I think your general point about monosexuals finding bisexuality hot being a potentially slippery slope to fetishization and objectification is valid, but I've seen all three shows in question and in RW&RB the bisexual man is actually the protagonist. I could also make the case that Nick in Heartstopper is treated as a co-protagonist with Charlie rather than just his love interest.

The Slate piece is very clearly not interested in addressing the state of bisexual male representation on television in recent years, though, so of course it's cherrypicking to support its "male heartthrobs can be bi now" thesis, and only mentioning bisexual male characters from comedies who aren't presented as traditionally handsome leading man types as examples of the previous dearth of hot bisexual men on TV--and completely ignoring the likes of Lee Pace in Halt and Catch Fire, Tom Ellis in Lucifer, Matt Ryan in Constantine and Legends of Tomorrow, etc., whose characters may not be as wholesome as those in the teen romance shows the essay is concerned with, but are all very definitely bisexual male protagonists. (And that's leaving out supporting/ensemble characters like Harry Shum, Jr. as Marcus Bane, Pedro Pascal as Oberyn Martell, or Thomas Doherty and Evan Mock in the Gossip Girl reboot, among others.)

Honestly, I think that's part of the point; the essay is focused on a subset of otherwise "good" and "safe" younger bisexual men that a young woman could consider boyfriend material, which is not the case with any of these other examples.

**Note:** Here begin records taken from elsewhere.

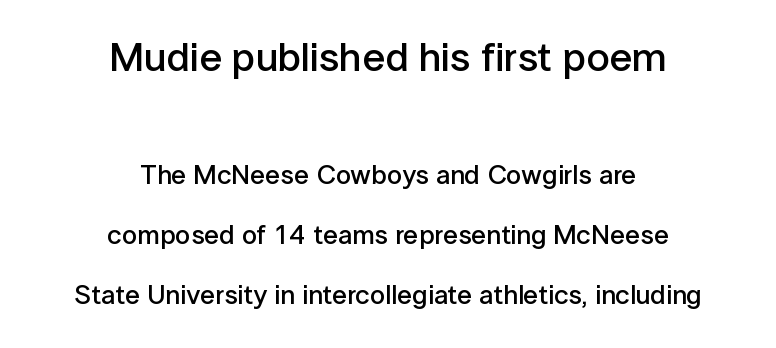
The letters in the upper block stand taller than those in the block below. The text was rendered using a sans face with plain stroke endings. Horizontally, the lines are justified to the midpoint only. What's the leading like? Stretched, with rows far apart. The letters advance in unequal steps, a hallmark of proportional type. Lines of text with bare space underneath.
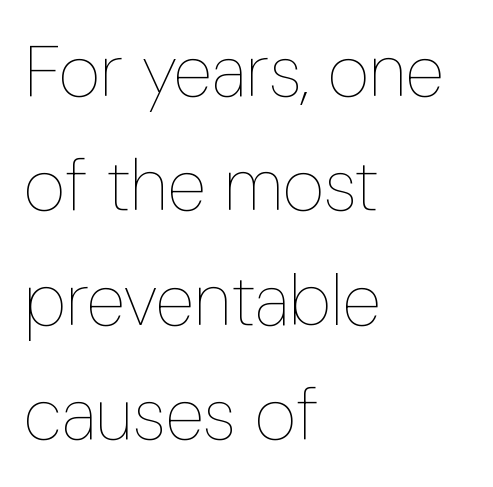
Weight: in the light-to-regular range. Posture: upright roman. These lines stack with their left ends in a neat column. The specimen omits any rule beneath the text block's lines. The passage shown has conventional tracking throughout. Proportional: the letters do not fall into vertical columns.
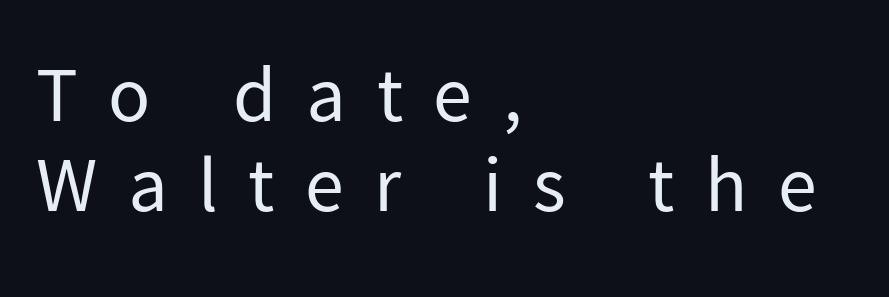
Classification — sans serif. Students, observe: this is what under-led, compact text looks like. The letterforms sit at book weight or below. Posture: straight, roman, zero tilt. Is this a fixed-width face? No — the glyphs have proportional, varying widths. The setting favours the left margin, as ordinary paragraphs usually do.
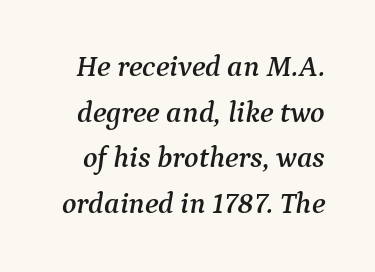
The image shows 30 px serif type, italic (leaning right); set normal line spacing (1.52x), normal letter spacing, not underlined; medium stroke contrast and a medium x-height.
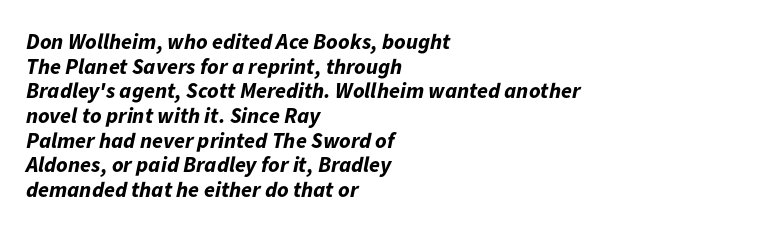
The rendering applies a slant to the glyphs. A full-strength bold gives these letters their thick strokes. You could call the tracking neutral — neither tight nor loose. Decoration check: the copy has no underline. Alignment: flush left.
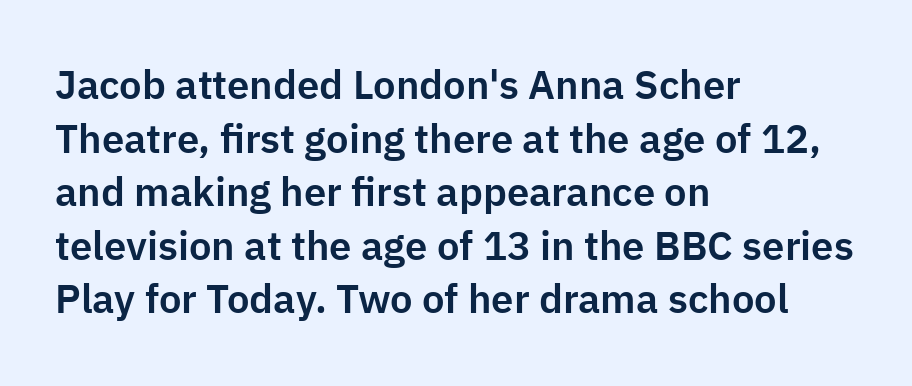
Q: Is the text italic (slanted)? A: No, it is upright.
Q: Is the typeface a serif or a sans-serif typeface? A: Sans-serif.
Q: Is the text underlined? A: No.
Q: How is the paragraph aligned? A: Left-aligned.
Q: Is the spacing between letters normal or unusually wide? A: Normal.
Q: Is the spacing between lines tight, normal or loose? A: Normal.
Q: Width (condensed, normal, or wide)? A: Normal.
Q: Stroke contrast? A: Low.
Q: x-height? A: Medium.
Q: Monospaced? A: No.
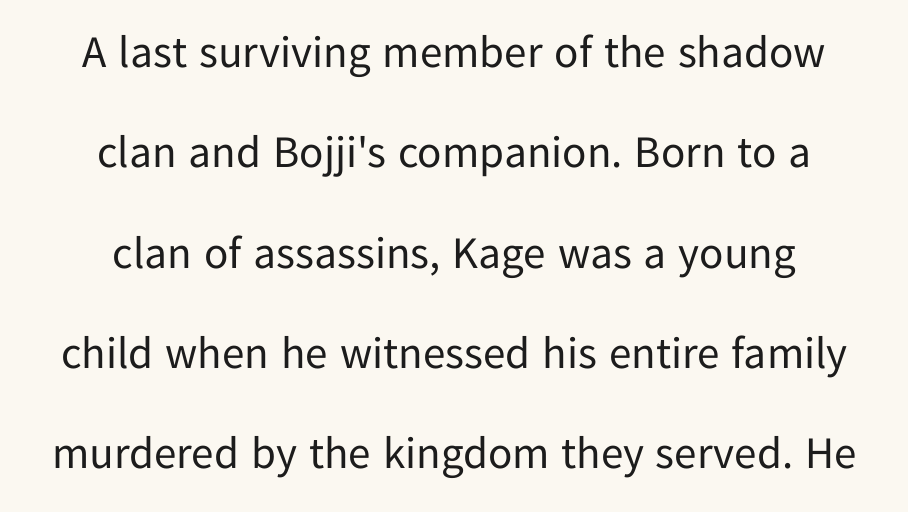
Q: Is the text bold? A: No.
Q: Is the text italic (slanted)? A: No, it is upright.
Q: Is the typeface a serif or a sans-serif typeface? A: Sans-serif.
Q: Is the text underlined? A: No.
Q: How is the paragraph aligned? A: Centered.
Q: Is the spacing between letters normal or unusually wide? A: Normal.
Q: Is the spacing between lines tight, normal or loose? A: Loose.
Q: Width (condensed, normal, or wide)? A: Normal.
Q: Stroke contrast? A: Low.
Q: x-height? A: Medium.
Q: Monospaced? A: No.
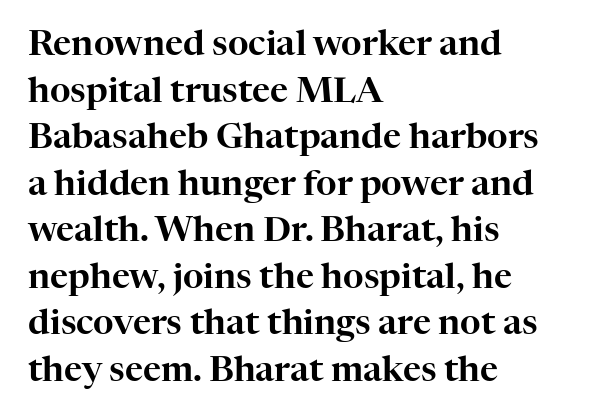
The image shows 35 px serif type, upright; set left-aligned, normal line spacing (1.33x), normal letter spacing, not underlined; high stroke contrast and a medium x-height.
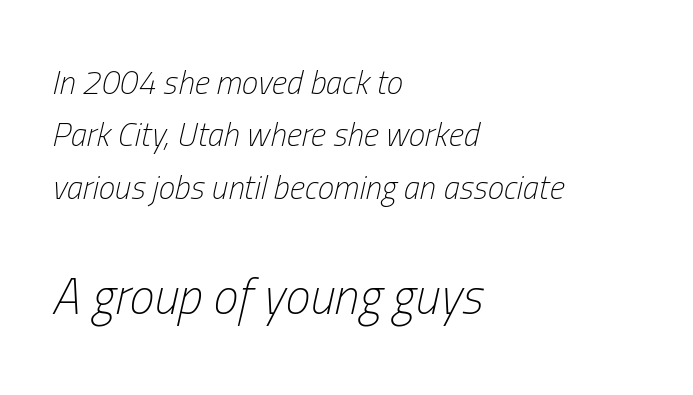
The image shows 50 px light, condensed type, italic (leaning right); set left-aligned, normal line spacing (1.59x), normal letter spacing, not underlined; the second (bottom) block is 1.52x larger; low stroke contrast and a medium x-height.
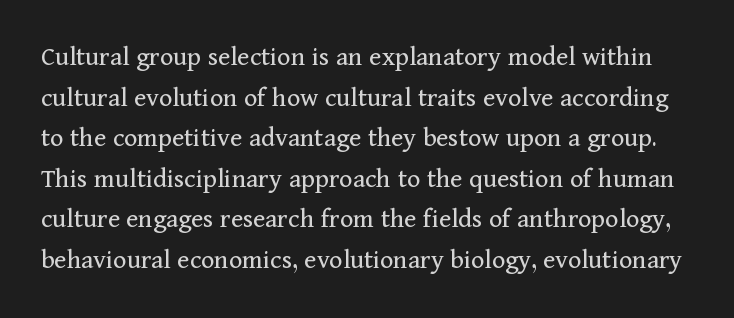
{"serif": "yes", "italic": "no", "bold": "no", "weight": "regular", "width": "normal", "stroke_contrast": "medium", "x_height": "medium", "monospaced": "no", "underline": "no", "line_spacing": "normal", "line_spacing_ratio": 1.45, "letter_spacing": "normal", "letter_spacing_em": 0.0, "glyph_px": 28}
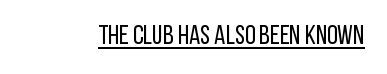
{"italic": "no", "bold": "no", "underline": "yes", "letter_spacing": "normal", "letter_spacing_em": 0.0, "glyph_px": 27}
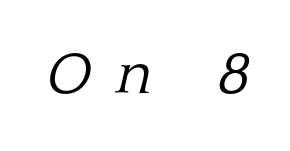
Q: Is the text bold? A: No.
Q: Is the text italic (slanted)? A: Yes, it leans right by about 13 degrees.
Q: Is the typeface a serif or a sans-serif typeface? A: Serif.
Q: Is the text underlined? A: No.
Q: Is the spacing between letters normal or unusually wide? A: Unusually wide.
Q: Width (condensed, normal, or wide)? A: Normal.
Q: Stroke contrast? A: Low.
Q: x-height? A: Medium.
Q: Monospaced? A: No.
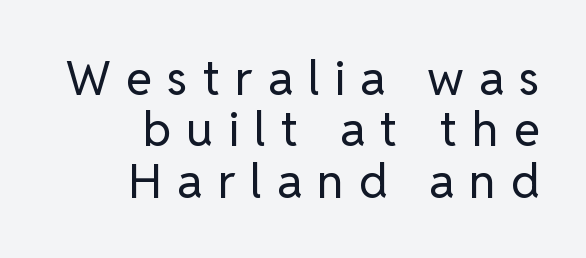
Descender tails drop into unmarked territory. Spacing between characters has been opened up far beyond the box default. Is this a heavy cut? Hardly; it is regular or lighter. Is there much room between lines? No — they nearly touch. Leftover space on each line is placed entirely before the opening word.
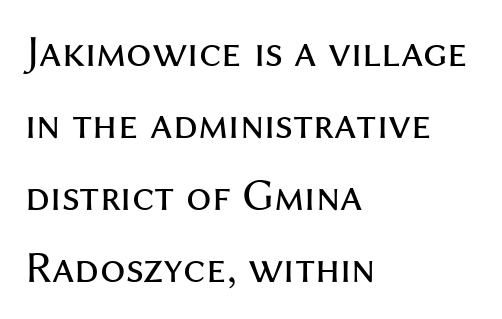
Q: Is the text bold? A: No.
Q: Is the text italic (slanted)? A: No, it is upright.
Q: Is the typeface a serif or a sans-serif typeface? A: Sans-serif.
Q: Is the text underlined? A: No.
Q: How is the paragraph aligned? A: Left-aligned.
Q: Is the spacing between letters normal or unusually wide? A: Normal.
Q: Is the spacing between lines tight, normal or loose? A: Normal.
Q: Width (condensed, normal, or wide)? A: Normal.
Q: Stroke contrast? A: Medium.
Q: x-height? A: Medium.
Q: Monospaced? A: No.
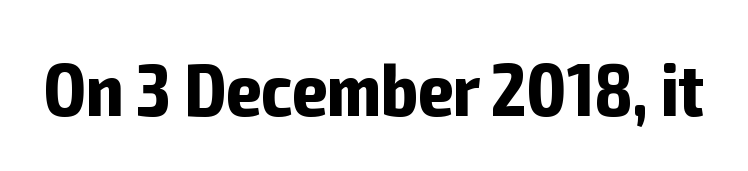
The image shows 75 px bold, condensed sans-serif type, upright; set normal letter spacing, not underlined; low stroke contrast and a medium x-height.
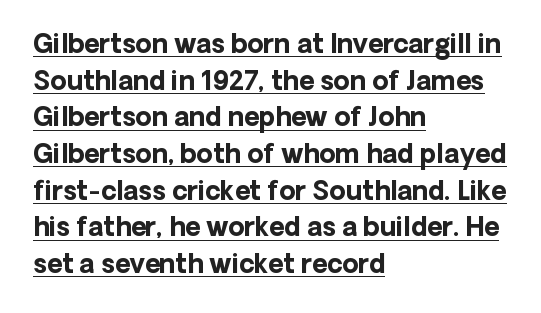
{"italic": "no", "bold": "yes", "underline": "yes", "align": "left", "line_spacing": "normal", "line_spacing_ratio": 1.41, "letter_spacing": "normal", "letter_spacing_em": 0.0, "glyph_px": 26}
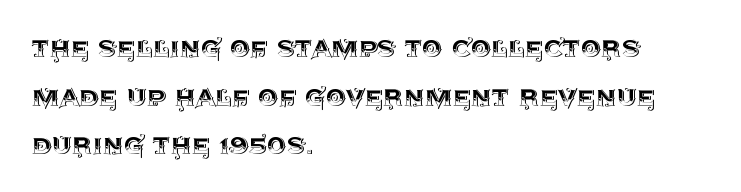
The image shows 32 px text type, upright; set left-aligned, normal line spacing (1.52x), normal letter spacing, not underlined; a large x-height.
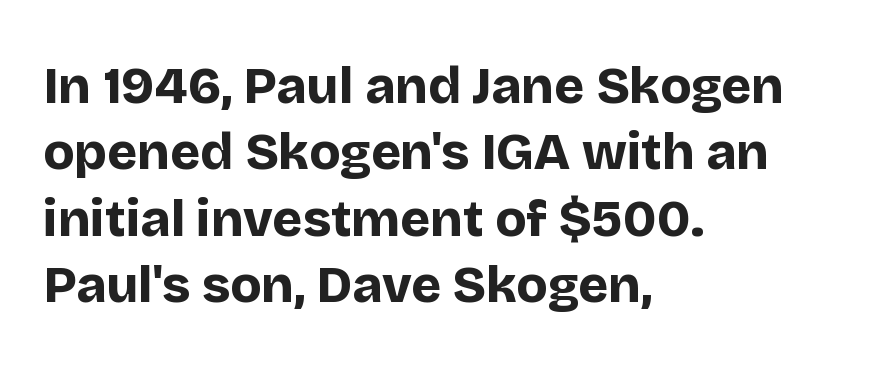
Q: Is the text bold? A: Yes.
Q: Is the text italic (slanted)? A: No, it is upright.
Q: Is the typeface a serif or a sans-serif typeface? A: Sans-serif.
Q: Is the text underlined? A: No.
Q: How is the paragraph aligned? A: Left-aligned.
Q: Is the spacing between letters normal or unusually wide? A: Normal.
Q: Is the spacing between lines tight, normal or loose? A: Normal.
Q: Width (condensed, normal, or wide)? A: Normal.
Q: Stroke contrast? A: Low.
Q: x-height? A: Large.
Q: Monospaced? A: No.
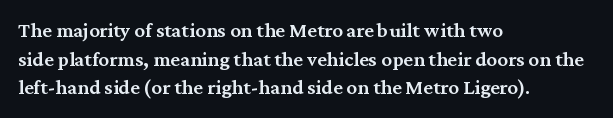
{"italic": "no", "bold": "semi", "underline": "no", "align": "left", "line_spacing": "normal", "line_spacing_ratio": 1.36, "letter_spacing": "normal", "letter_spacing_em": 0.0, "glyph_px": 21}
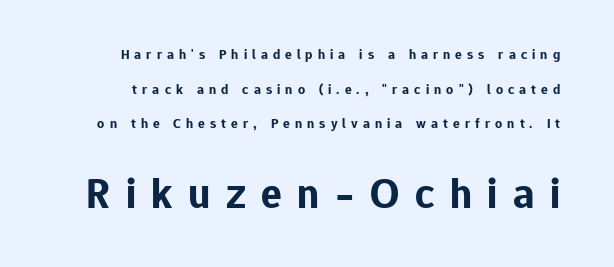
{"serif": "no", "italic": "no", "bold": "yes", "weight": "bold", "width": "normal", "stroke_contrast": "low", "x_height": "medium", "monospaced": "no", "underline": "no", "line_spacing": "loose", "line_spacing_ratio": 2.48, "letter_spacing": "wide", "letter_spacing_em": 0.36, "larger_block": "second", "size_ratio": 3.07, "glyph_px": 43}
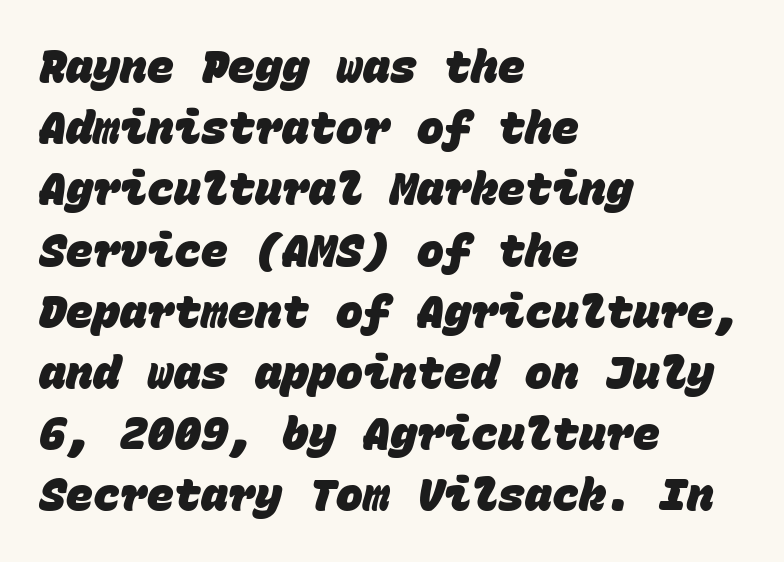
{"serif": "no", "bold": "yes", "weight": "heavy", "width": "normal", "stroke_contrast": "low", "x_height": "large", "monospaced": "yes", "underline": "no", "align": "left", "line_spacing": "normal", "line_spacing_ratio": 1.36, "letter_spacing": "normal", "letter_spacing_em": 0.0, "glyph_px": 45}
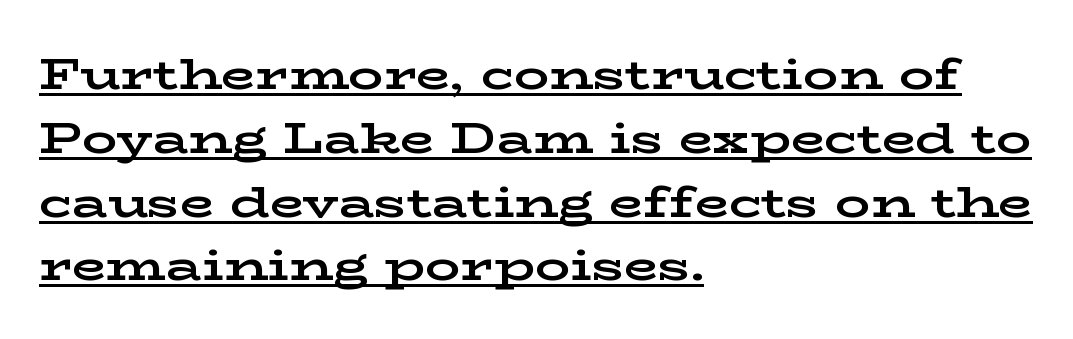
The image shows 44 px bold, wide serif type, upright; set left-aligned, normal line spacing (1.45x), normal letter spacing, underlined; low stroke contrast and a medium x-height.
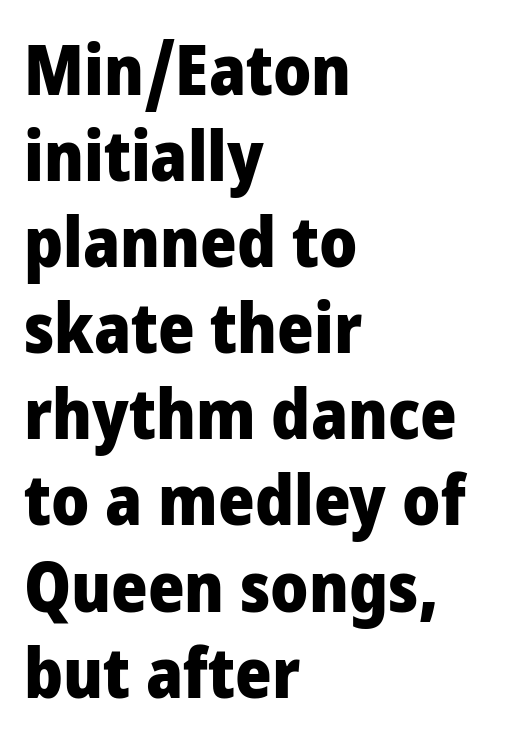
The string is rendered with underlining switched off. Typographically, this falls in the sans-serif category. Do the letters lean? They stand straight. The rag falls on the right side of this text block. Note the varied advance widths — an 'i' is clearly narrower than an 'm'. Stroke thickness is high; the sample reads as a true bold.
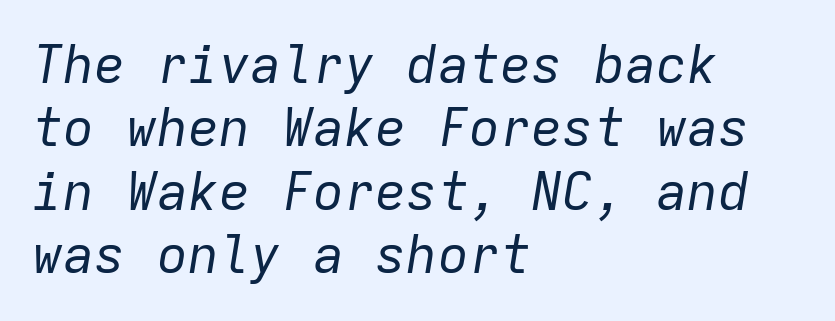
{"italic": "yes", "lean": "right", "slant_degrees": 9, "bold": "no", "weight": "regular", "width": "normal", "stroke_contrast": "low", "x_height": "medium", "monospaced": "yes", "underline": "no", "align": "left", "line_spacing_ratio": 1.22, "letter_spacing": "normal", "letter_spacing_em": 0.0, "glyph_px": 52}
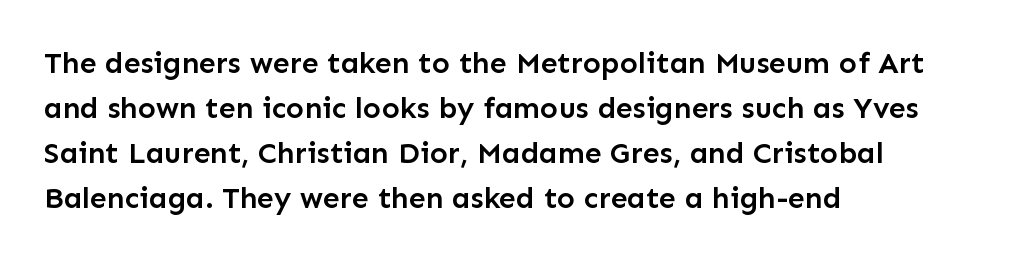
Q: Is the text bold? A: Semi-bold.
Q: Is the text italic (slanted)? A: No, it is upright.
Q: Is the typeface a serif or a sans-serif typeface? A: Sans-serif.
Q: Is the text underlined? A: No.
Q: How is the paragraph aligned? A: Left-aligned.
Q: Is the spacing between letters normal or unusually wide? A: Normal.
Q: Is the spacing between lines tight, normal or loose? A: Normal.
Q: Width (condensed, normal, or wide)? A: Normal.
Q: Stroke contrast? A: Low.
Q: x-height? A: Medium.
Q: Monospaced? A: No.
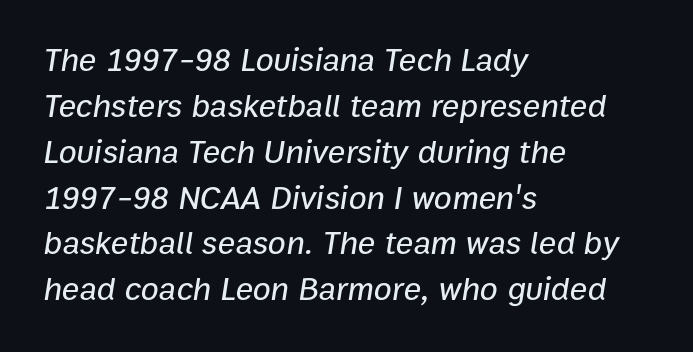
Q: Is the text italic (slanted)? A: Yes, it leans right by about 9 degrees.
Q: Is the text underlined? A: No.
Q: How is the paragraph aligned? A: Left-aligned.
Q: Is the spacing between letters normal or unusually wide? A: Normal.
Q: Is the spacing between lines tight, normal or loose? A: Normal.
Q: Width (condensed, normal, or wide)? A: Normal.
Q: Stroke contrast? A: Low.
Q: x-height? A: Medium.
Q: Monospaced? A: No.
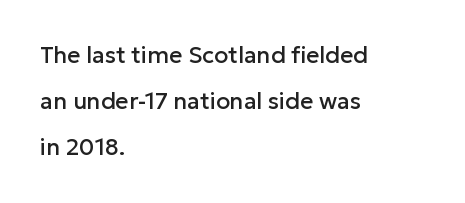
{"italic": "no", "underline": "no", "align": "left", "line_spacing": "loose", "line_spacing_ratio": 2.01, "letter_spacing": "normal", "letter_spacing_em": 0.0, "glyph_px": 23}
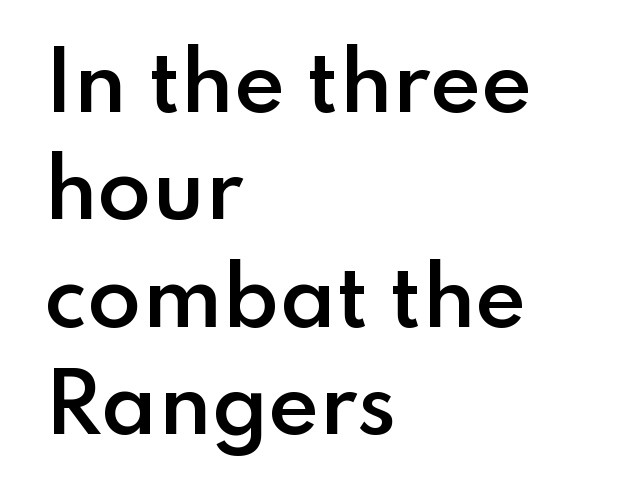
Look at the tracking — it's just the regular setting, nothing added. On the weight axis this lands at semibold, roughly 600. Looks like regular typesetting: each glyph gets only the width it needs. One-word summary of the alignment: left. Underlining? Definitely not there.
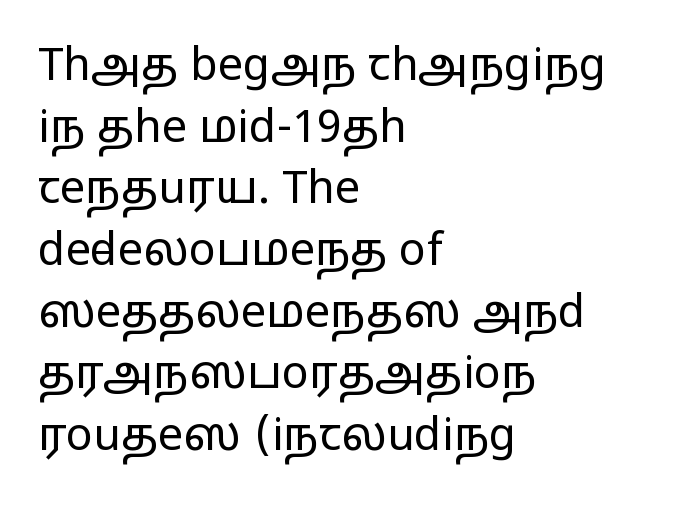
{"serif": "no", "italic": "no", "bold": "no", "weight": "regular", "width": "wide", "stroke_contrast": "low", "x_height": "medium", "monospaced": "no", "underline": "no", "align": "left", "line_spacing": "normal", "line_spacing_ratio": 1.37, "letter_spacing": "normal", "letter_spacing_em": 0.0, "glyph_px": 45}

Almost all *those* men are older, dangerous, even villainous at times (redemption arcs notwithstanding), and with a couple of exceptions we don't see them in on-screen relationships with men... although of course the same can be said for Jeremiah in The Summer I Turned Pretty, who is in some ways the best example of what I think the article is really about even if it doesn't admit to it on the surface: rehabilitating the image of bisexual guys to depict them as conventionally hot boyfriends who are still sweet and unobjectionable enough that you could take them home to meet your parents. Like, Henry is literally a prince and not the Prince of Hell! And unfortunately I think the subtext of this in our wider cultural context is that these men may be hot partly because of their bisexuality, but only good despite it. So we still have a long way to go.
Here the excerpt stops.